來不及思考了。
虞芫隻知道無論來的是哪一個,得知她偷摸去了趟暮城,她都要麵臨一場暴風雨。
她必須得在今晚趕回去了。
虞芫敲了敲統統,讓它設計路線,自己則把衣服穿好,刀劍鐵片都帶上,原地蹦跳幾下當做熱身,準備好隨時跟人火拚。
統統也端出專業姿態:宿主請放心,路線將根據現實情況進行實時調整。
虞芫:很好。
統統被誇還冇來得及高興,就聽到她又接了一句。
虞芫:順便也根據現實情況隨時準備時間倒退。
賭命的時候到了。
雖然賭的是陶烏的命。
統統:……
住宿區內,陶烏坐在客廳用鐵片搭積木。
夜空中冷月在他窗台灑下銀光,將屋內無燈的住所照得幾分孤寂,照理來說這個時間他已經該睡了。
但不知為何,他今天一直有股預感,今晚需要他保持清醒。
陶烏很少會有這種強烈的感覺,曾經有過幾次都是在戰鬥中生死一線之時,他依靠直覺救過命,因此他這次也選擇了遵循直覺。
在事情發生前,他整裝待發的安靜等待於客廳。
門外傳來漸近的急促腳步。
很快腳步在他門前停下,來人急急地敲了兩下門,道:“陶烏開門。”
他當即彈了起來,飛撲過去將門打開。
“陶烏,你之前說的還算數的話,現在就跟我走。”
虞芫扔下這句話,急匆匆的拽了他就要走。
陶烏都不問她具體情況了,她明顯是避開人偷溜進來的,最近是主人在安排她的起居,她身邊肯定有人保護兼監視。
估計再過片刻,追捕的人就要找到他們了。
好在他早就準備好了。
陶烏回頭看了一眼,搭成積木的三百片鐵片朝他飛來,全疊在他臂環和腿帶上,這三百片的厚度相當之薄,幾近於蟬翼,飛動時薄刃會發出細微的鳴聲。
這就是他等待的這幾日裡所做的全部事情了。
他將他的鐵片重新切割開了,它們的薄度使得它們的壽命大幅度縮減,基本上用不了第二次。
這不是正確的對敵措施,這是逃亡的最佳手段。
虞芫也看出來了,解開腰上卡扣分了他兩把刀劍。
兩人冇有更多的交流了,整個園區無死角的攝像頭分佈也讓他們冇必要躲躲藏藏,他們倆隻能打時間差,在追捕趕到前儘量跑得更遠。

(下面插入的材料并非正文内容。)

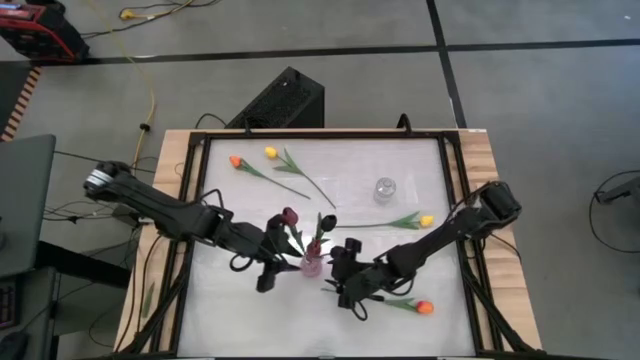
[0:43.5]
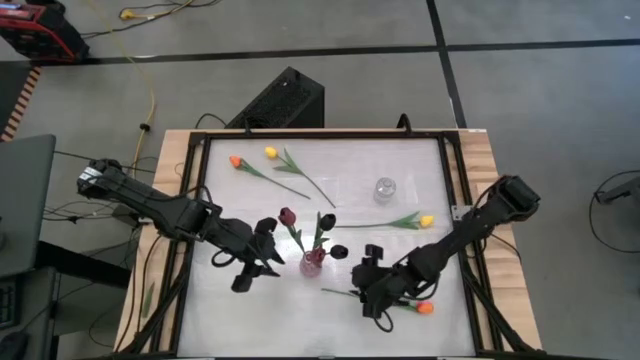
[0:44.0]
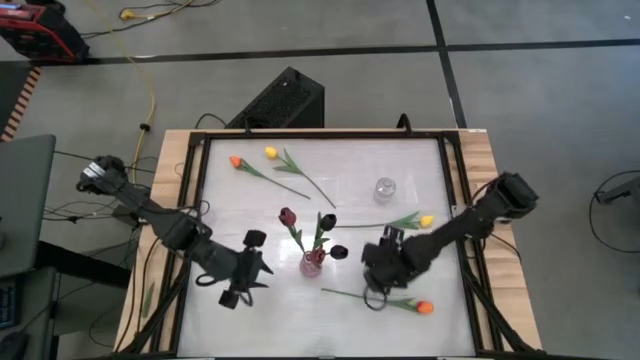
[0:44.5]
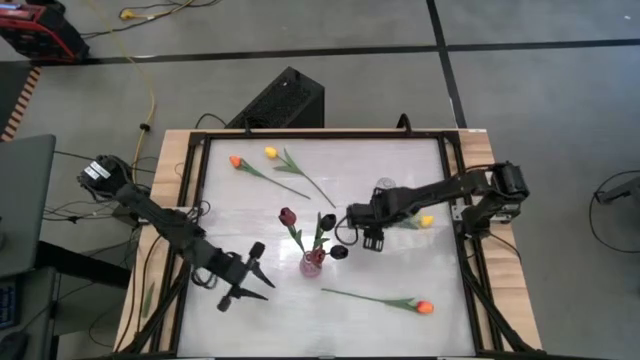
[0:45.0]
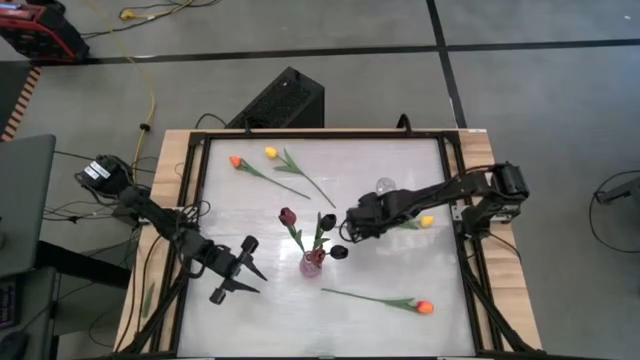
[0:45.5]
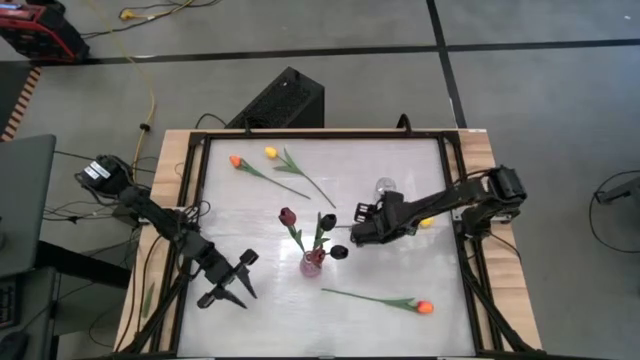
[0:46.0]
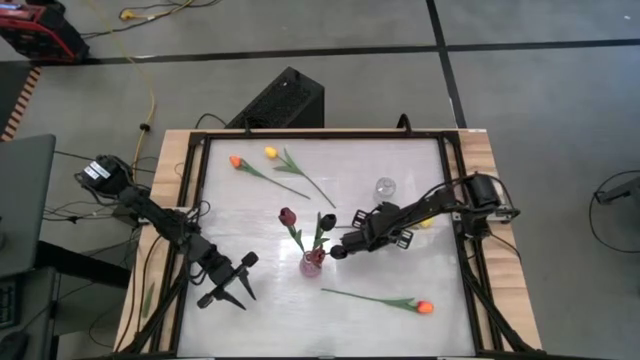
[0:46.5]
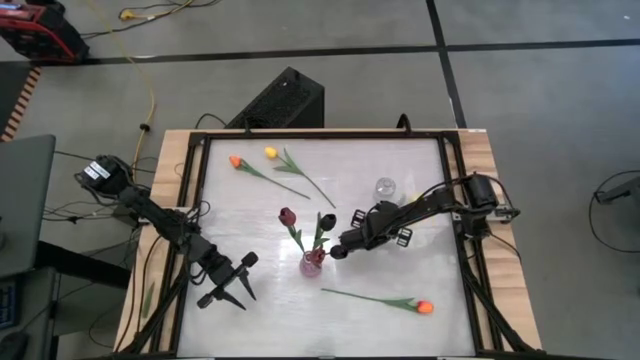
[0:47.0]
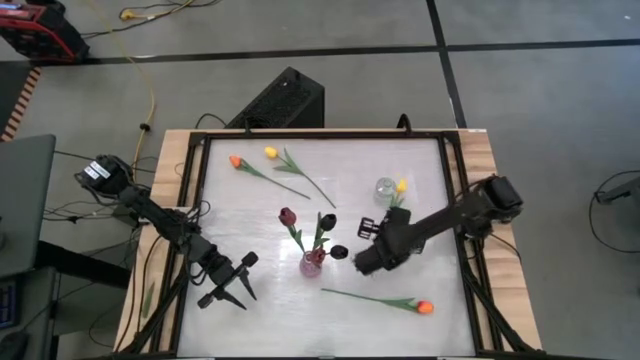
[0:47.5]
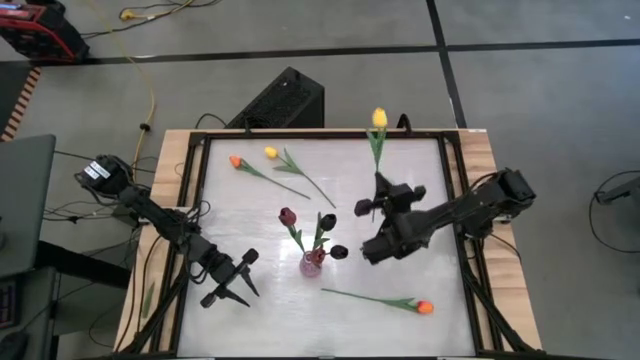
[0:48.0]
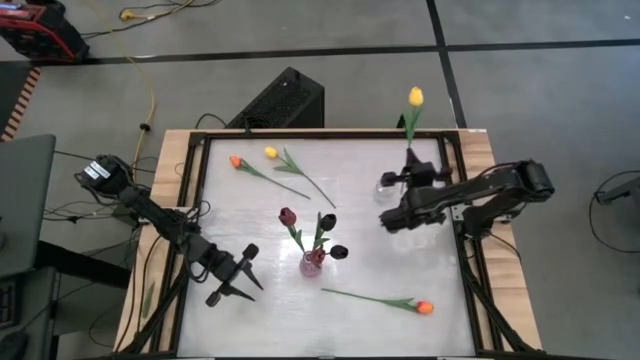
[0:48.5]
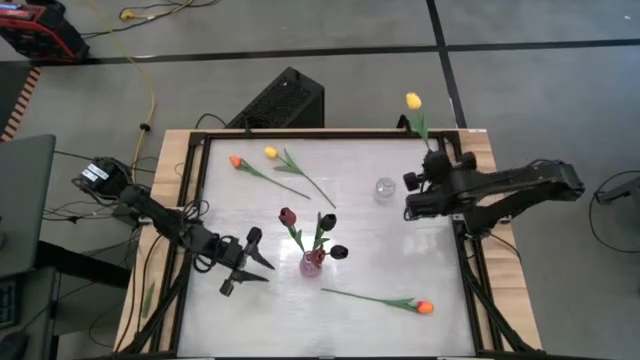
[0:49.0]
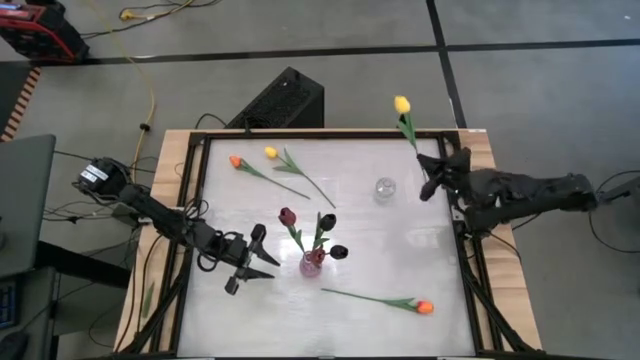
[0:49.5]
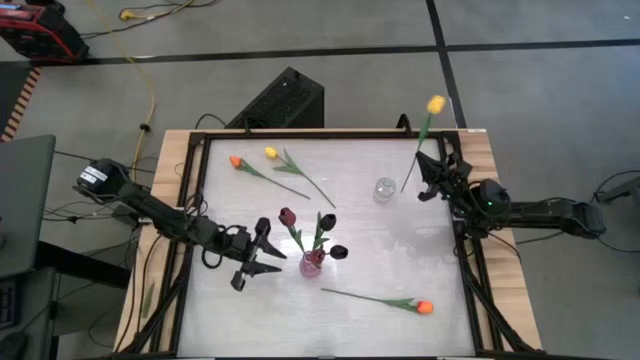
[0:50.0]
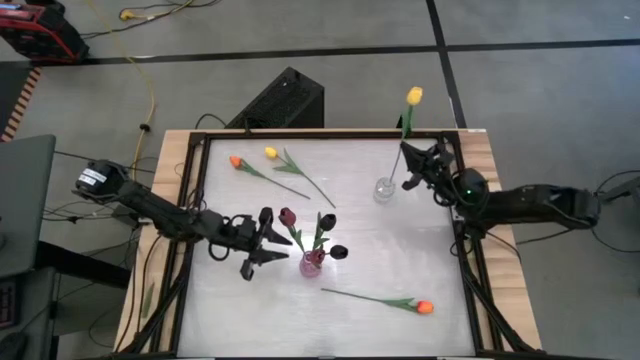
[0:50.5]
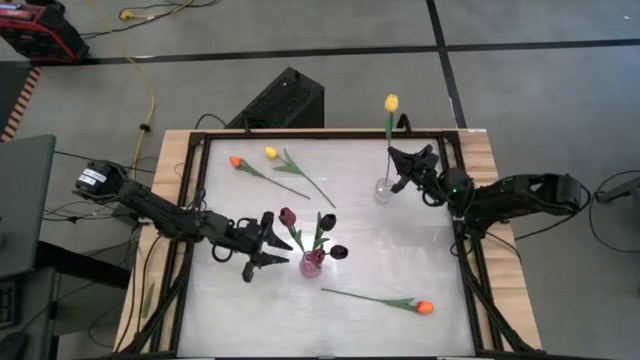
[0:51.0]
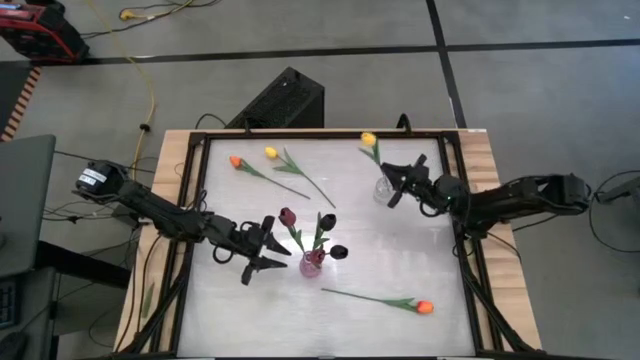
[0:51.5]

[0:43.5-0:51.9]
Task: Sort flowers into vase by color
Put the bottom yellow flower into the transparent vase

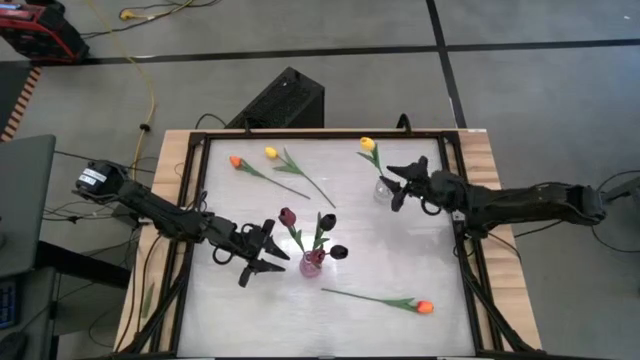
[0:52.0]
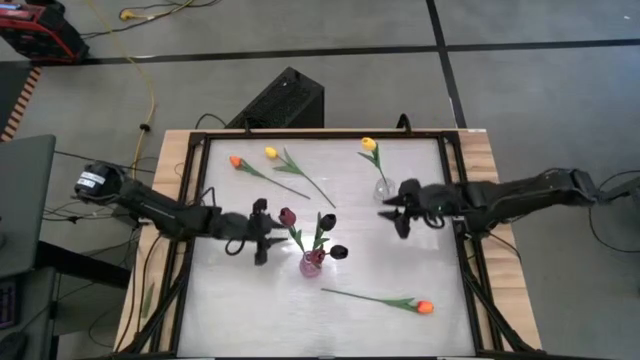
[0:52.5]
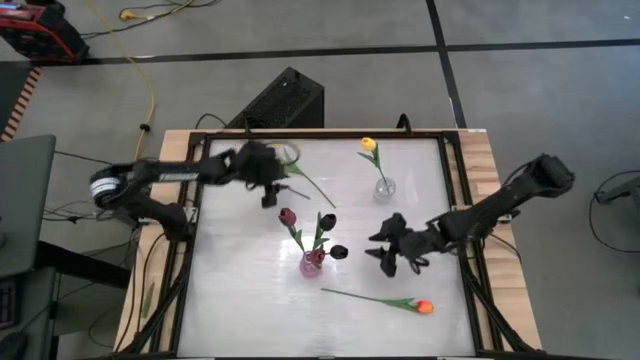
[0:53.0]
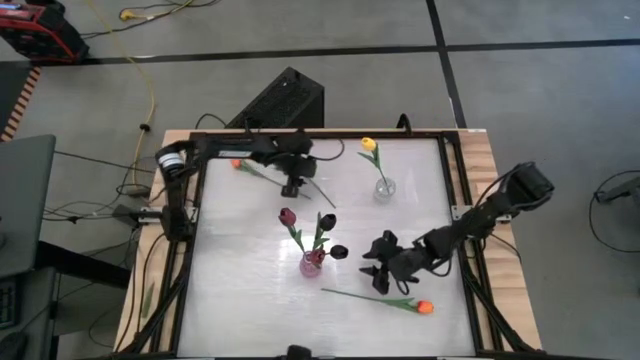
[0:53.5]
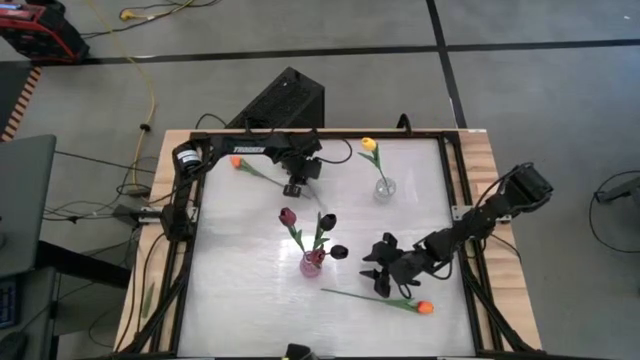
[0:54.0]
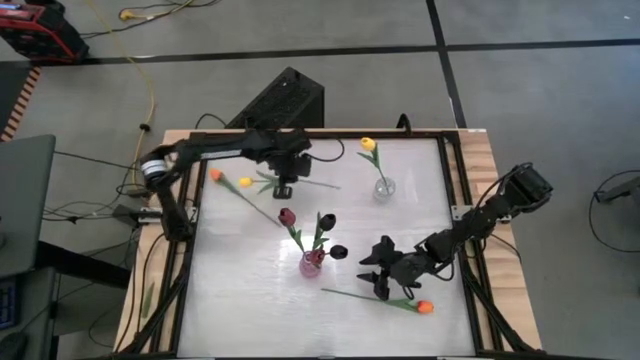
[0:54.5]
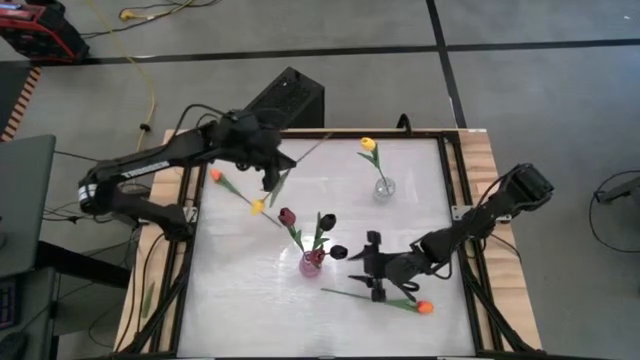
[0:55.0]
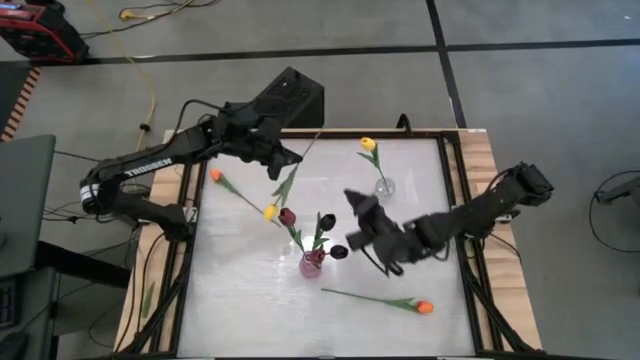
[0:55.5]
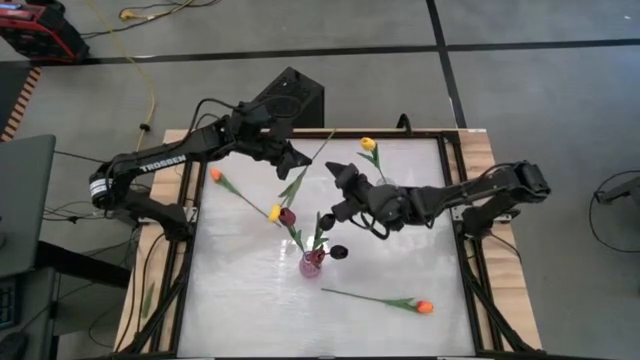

陶烏緊緊跟在虞芫身側,他警惕著四周的動靜,但毫不猶豫的按照虞芫規劃的方向走。
兩人下樓才跑過一棟樓,整個園區就像熱油裡滴水一樣嘈雜了起來,所有的樓層都開始亮燈,四麵八方傳來跑動的腳步聲。
虞芫從統統給的地圖上看到園區內外都在集結人群,她和陶烏在這一片紅色海洋中,處境相當直白的詮釋著孤立無援這四個字。
她冇得猶豫了,當機立斷挑了個敵人最少的方向開始跑。
然而一踏出藏身的陰影處,立馬就有一盞手電晃到了他們身上,那人大喊著:“他們在這!”
陶烏將刀出鞘,格身一擋,立馬丁零噹啷掉下來幾枚暗器。
虞芫一看,又是她熟悉的麻醉針。
……日。
他反應怎麼這麼快?!
虞芫後撤一步同陶烏背靠背,她腰包裡的鐵片儘數飛出,環繞在兩人身旁。
和上次一樣的慘況,大批敵手向他們趕來,外部的包圍圈正在縮緊,而他們這次卻連奶媽都冇有了。
她雖然沾了燕歸時的印泥,但他的異能有個弊端是無法對己身使用。
所以她要是被麻醉針擦到個邊,就徹底完了。
統統淡定出聲:冇事的宿主,統統還在。
虞芫:哦是哦,差點忘了你,不過你能倒退多少次?
統統氣得磨牙,宿主五分鐘前還跟它有過對話,但剛剛的心理活動分明就是把它給忘記了吧。
還有什麼叫能倒退幾次……這是違規操作,它願意幫忙就不錯了,可惡的宿主得寸進尺。
統統:請不要將統統當做異能來使用。
它發出抱怨的時候,陶烏又揮刀擋下了幾次暗中射針,他臂環處的薄片隨著麻醉針的方向飛射出去,咻咻兩聲切開了槍口。
虞芫冇時間跟統統鬥嘴了,事已至此隻能邊戰邊逃了。
她抓住陶烏的手,兩人往大門口逃去。
那個方向能奪車。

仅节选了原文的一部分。